Boost converter transfer function with non-ideal components

Thread Starter

J_Rod

Joined Nov 4, 2014
109
Hi, I am stuck trying the derivation for a boost converter transfer function in continuous conduction, open-loop operation mode to find Vout/Vin with non-ideal components, that is, a Rsw, the MOSFET switch on-state resistance, ESR, an equivalent series resistance with the capacitor, RD, the on-state resistance of the diode, and RL, the inductor's resistance.

When the switch is ON:
\( L \frac{di_L}{dt} = V_{in} -i_L (R_L +R_{DS,ON}) \)

\( C \frac{dV_C}{dt} = \frac{-V_{out}}{R + ESR} \)

\( C \frac{dV_C}{dt} = \frac{V_C - V_{out}}{ESR} \)

When the switch is off:
\( L \frac{di_L}{dt} = V_{in} -V_{out} -i_L(R_L + R_D) \)

\( C \frac{dV_C}{dt} = i_L -\frac{V_{out}}{R +ESR} \)

\( V_C = V_{out} -i_CESR \)

Then
\( \Delta i_{Lon} + \Delta i_{Loff} = 0 \)

But to get \( \Delta i_L \) terms I would have to integrate the equations with the inductor voltage, which both contain a term with \( i_L \). How can that be done? Thanks.
 

wayneh

Joined Sep 9, 2010
16,155
Had diffy Q yet? I believe that's a first order differential equation. I'm pretty rusty on the terminology. It's been a long time but I believe almost any text on the subject will cover the solution.
 

Thread Starter

J_Rod

Joined Nov 4, 2014
109
Had diffy Q yet? I believe that's a first order differential equation. I'm pretty rusty on the terminology. It's been a long time but I believe almost any text on the subject will cover the solution.
That's how to solve for \( i_L \), but I want to find the expression for \( \Delta i_{Lon} \) to add to the expression for \( \Delta i_{Loff} \) to sum to 0, and then rearrange to find \( \frac {V_{out}}{V_{in}} \). Would it be incorrect to set \( i_L = I_L \), the average value, on the right side of the equations, if I assume a small ripple?
 

wayneh

Joined Sep 9, 2010
16,155
Well if you have i as a function of time, can't you integrate to get ∆i ? (I'm just hoping that asking questions helps you see a solution. I haven't worked this out.)
 

anhnha

Joined Apr 19, 2012
880
Hi, I am stuck trying the derivation for a boost converter transfer function in continuous conduction, open-loop operation mode to find Vout/Vin with non-ideal components, that is, a Rsw, the MOSFET switch on-state resistance, ESR, an equivalent series resistance with the capacitor, RD, the on-state resistance of the diode, and RL, the inductor's resistance.

When the switch is ON:
\( L \frac{di_L}{dt} = V_{in} -i_L (R_L +R_{DS,ON}) \)

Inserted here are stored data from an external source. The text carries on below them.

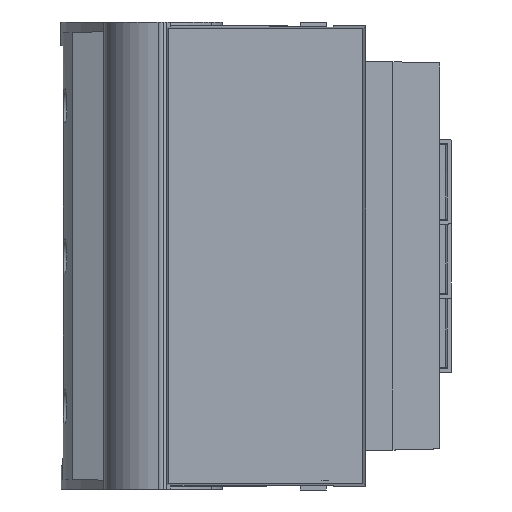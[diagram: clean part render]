
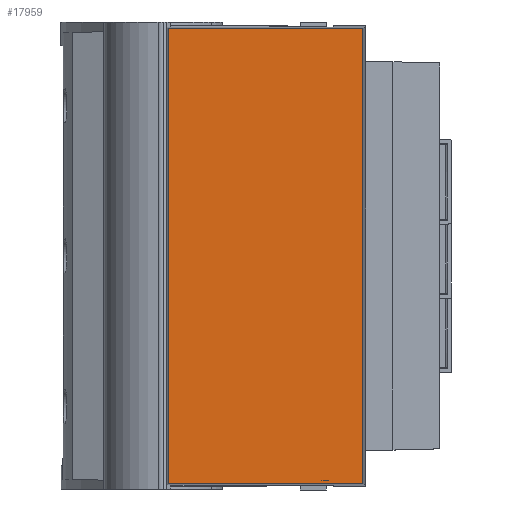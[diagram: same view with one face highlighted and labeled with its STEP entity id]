
A CAD part, left-side view. The second image highlights one B-rep face of the part: STEP entity #17959.
In plain terms, the highlighted planar face has unit normal (1, 0, 0).
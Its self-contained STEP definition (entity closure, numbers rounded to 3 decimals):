
#17920=DIRECTION('',(0.,1.,0.));
#17921=VECTOR('',#17920,4.082);
#17922=CARTESIAN_POINT('',(-10.132,1.468,
9.597));
#17923=LINE('',#17922,#17921);
#17924=DIRECTION('',(0.,0.,-1.));
#17925=VECTOR('',#17924,9.554);
#17926=CARTESIAN_POINT('',(-10.133,5.55,
9.597));
#17927=LINE('',#17926,#17925);
#17928=DIRECTION('',(0.,-1.,0.));
#17929=VECTOR('',#17928,4.082);
#17930=CARTESIAN_POINT('',(-10.133,5.55,
0.043));
#17931=LINE('',#17930,#17929);
#17932=DIRECTION('',(0.,0.,1.));
#17933=VECTOR('',#17932,9.554);
#17934=CARTESIAN_POINT('',(-10.132,1.468,
0.043));
#17935=LINE('',#17934,#17933);
#17936=CARTESIAN_POINT('',(-10.132,1.468,
9.597));
#17937=CARTESIAN_POINT('',(-10.133,5.55,
9.597));
#17938=VERTEX_POINT('',#17936);
#17939=VERTEX_POINT('',#17937);
#17940=CARTESIAN_POINT('',(-10.133,5.55,
0.043));
#17941=VERTEX_POINT('',#17940);
#17942=CARTESIAN_POINT('',(-10.132,1.468,
0.043));
#17943=VERTEX_POINT('',#17942);
#17944=CARTESIAN_POINT('',(-10.132,3.509,
4.82));
#17945=DIRECTION('',(1.,0.,0.));
#17946=DIRECTION('',(0.,0.,-1.));
#17947=AXIS2_PLACEMENT_3D('',#17944,#17945,#17946);
#17948=PLANE('',#17947);
#17950=ORIENTED_EDGE('',*,*,#17949,.T.);
#17952=ORIENTED_EDGE('',*,*,#17951,.T.);
#17954=ORIENTED_EDGE('',*,*,#17953,.T.);
#17956=ORIENTED_EDGE('',*,*,#17955,.T.);
#17957=EDGE_LOOP('',(#17950,#17952,#17954,#17956));
#17958=FACE_OUTER_BOUND('',#17957,.F.);
#17949=EDGE_CURVE('',#17938,#17939,#17923,.T.);
#17951=EDGE_CURVE('',#17939,#17941,#17927,.T.);
#17953=EDGE_CURVE('',#17941,#17943,#17931,.T.);
#17955=EDGE_CURVE('',#17943,#17938,#17935,.T.);
#17959=ADVANCED_FACE('',(#17958),#17948,.T.);

\( C \frac{dV_C}{dt} = \frac{-V_{out}}{R + ESR} \)

\( C \frac{dV_C}{dt} = \frac{V_C - V_{out}}{ESR} \)

When the switch is off:
\( L \frac{di_L}{dt} = V_{in} -V_{out} -i_L(R_L + R_D) \)

\( C \frac{dV_C}{dt} = i_L -\frac{V_{out}}{R +ESR} \)

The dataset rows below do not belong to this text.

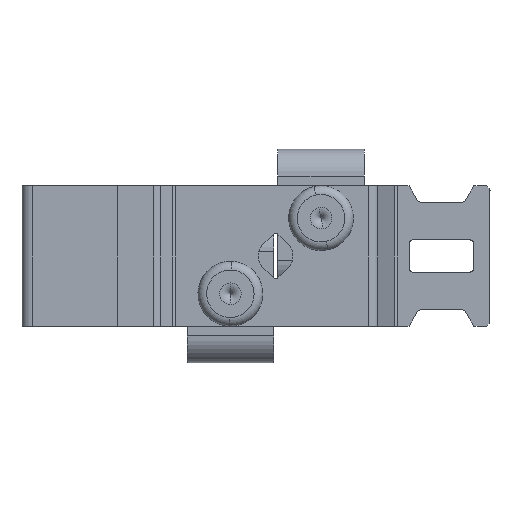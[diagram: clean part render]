
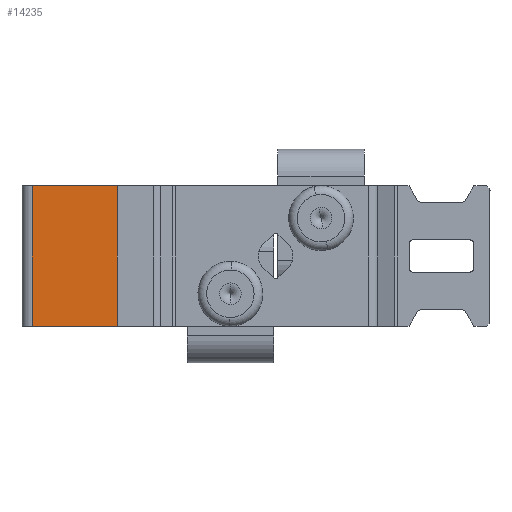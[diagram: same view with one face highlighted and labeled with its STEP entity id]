
A CAD part, front view. The second image highlights one B-rep face of the part: STEP entity #14235.
In plain terms, the highlighted planar face has unit normal (0, -1, 0).
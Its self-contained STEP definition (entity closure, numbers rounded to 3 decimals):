
#1399 = DIRECTION ( 'NONE',  ( -1., 0., 0. ) ) ;
#2173 = CARTESIAN_POINT ( 'NONE',  ( -45.728, -11.113, 17.074 ) ) ;
#2851 = ORIENTED_EDGE ( 'NONE', *, *, #10718, .F. ) ;
#3201 = DIRECTION ( 'NONE',  ( 0., 0., 1. ) ) ;
#3458 = FACE_OUTER_BOUND ( 'NONE', #6613, .T. ) ;
#3658 = DIRECTION ( 'NONE',  ( 0., -1., 0. ) ) ;
#5189 = ORIENTED_EDGE ( 'NONE', *, *, #21106, .F. ) ;
#6263 = CARTESIAN_POINT ( 'NONE',  ( -45.728, -11.113, 24.987 ) ) ;
#6613 = EDGE_LOOP ( 'NONE', ( #5189, #9655, #2851, #15037 ) ) ;
#6616 = LINE ( 'NONE', #19470, #20218 ) ;
#7020 = DIRECTION ( 'NONE',  ( 0., 0., -1. ) ) ;
#7244 = EDGE_CURVE ( 'NONE', #13921, #18007, #18033, .T. ) ;
#9655 = ORIENTED_EDGE ( 'NONE', *, *, #7244, .T. ) ;
#10374 = PLANE ( 'NONE',  #13965 ) ;
#10718 = EDGE_CURVE ( 'NONE', #10944, #18007, #10881, .T. ) ;
#10881 = LINE ( 'NONE', #19326, #20499 ) ;
#10944 = VERTEX_POINT ( 'NONE', #20787 ) ;
#11096 = DIRECTION ( 'NONE',  ( 1., 0., 0. ) ) ;
#11144 = CARTESIAN_POINT ( 'NONE',  ( -37.879, -11.113, 24.987 ) ) ;
#12880 = CARTESIAN_POINT ( 'NONE',  ( -37.879, -11.113, 17.074 ) ) ;
#13056 = VECTOR ( 'NONE', #1399, 1000. ) ;
#13192 = EDGE_CURVE ( 'NONE', #15274, #10944, #6616, .T. ) ;
#13456 = CARTESIAN_POINT ( 'NONE',  ( -37.879, -11.113, 37.987 ) ) ;
#13921 = VERTEX_POINT ( 'NONE', #11144 ) ;
#13965 = AXIS2_PLACEMENT_3D ( 'NONE', #2173, #3658, #7020 ) ;
#14235 = ADVANCED_FACE ( 'NONE', ( #3458 ), #10374, .T. ) ;
#15037 = ORIENTED_EDGE ( 'NONE', *, *, #13192, .F. ) ;
#15274 = VERTEX_POINT ( 'NONE', #18362 ) ;
#15402 = VECTOR ( 'NONE', #3201, 1000. ) ;
#17890 = DIRECTION ( 'NONE',  ( 0., 0., 1. ) ) ;
#18007 = VERTEX_POINT ( 'NONE', #13456 ) ;
#18033 = LINE ( 'NONE', #12880, #15402 ) ;
#18362 = CARTESIAN_POINT ( 'NONE',  ( -45.728, -11.113, 24.987 ) ) ;
#19326 = CARTESIAN_POINT ( 'NONE',  ( -45.728, -11.113, 37.987 ) ) ;
#19470 = CARTESIAN_POINT ( 'NONE',  ( -45.728, -11.113, 24.987 ) ) ;
#20218 = VECTOR ( 'NONE', #17890, 1000. ) ;
#20499 = VECTOR ( 'NONE', #11096, 1000. ) ;
#20787 = CARTESIAN_POINT ( 'NONE',  ( -45.728, -11.113, 37.987 ) ) ;
#20976 = LINE ( 'NONE', #6263, #13056 ) ;
#21106 = EDGE_CURVE ( 'NONE', #13921, #15274, #20976, .T. ) ;

\( V_C = V_{out} -i_CESR \)

Then
\( \Delta i_{Lon} + \Delta i_{Loff} = 0 \)

But to get \( \Delta i_L \) terms I would have to integrate the equations with the inductor voltage, which both contain a term with \( i_L \). How can that be done? Thanks.
There are some principles you should use here to solve for the result:
1. Inductor volt-second balance
2. Capacitor charge balance
3. Small ripple approximation
Refer to this for detail.
With small ripple approximation, you can assume that Vout and iL are constant (and let's call it IL).
With #1 and #2, you have set of two equations and you can now solve for Vout and IL.
But to get
terms I would have to integrate the equations with the inductor voltage, which both contain a term with
. How can that be done?
With small approximation, iL in the right hand side can be considered as a constant.
However, if you want an exact calculation, then I think it is much easier to use Laplace transform.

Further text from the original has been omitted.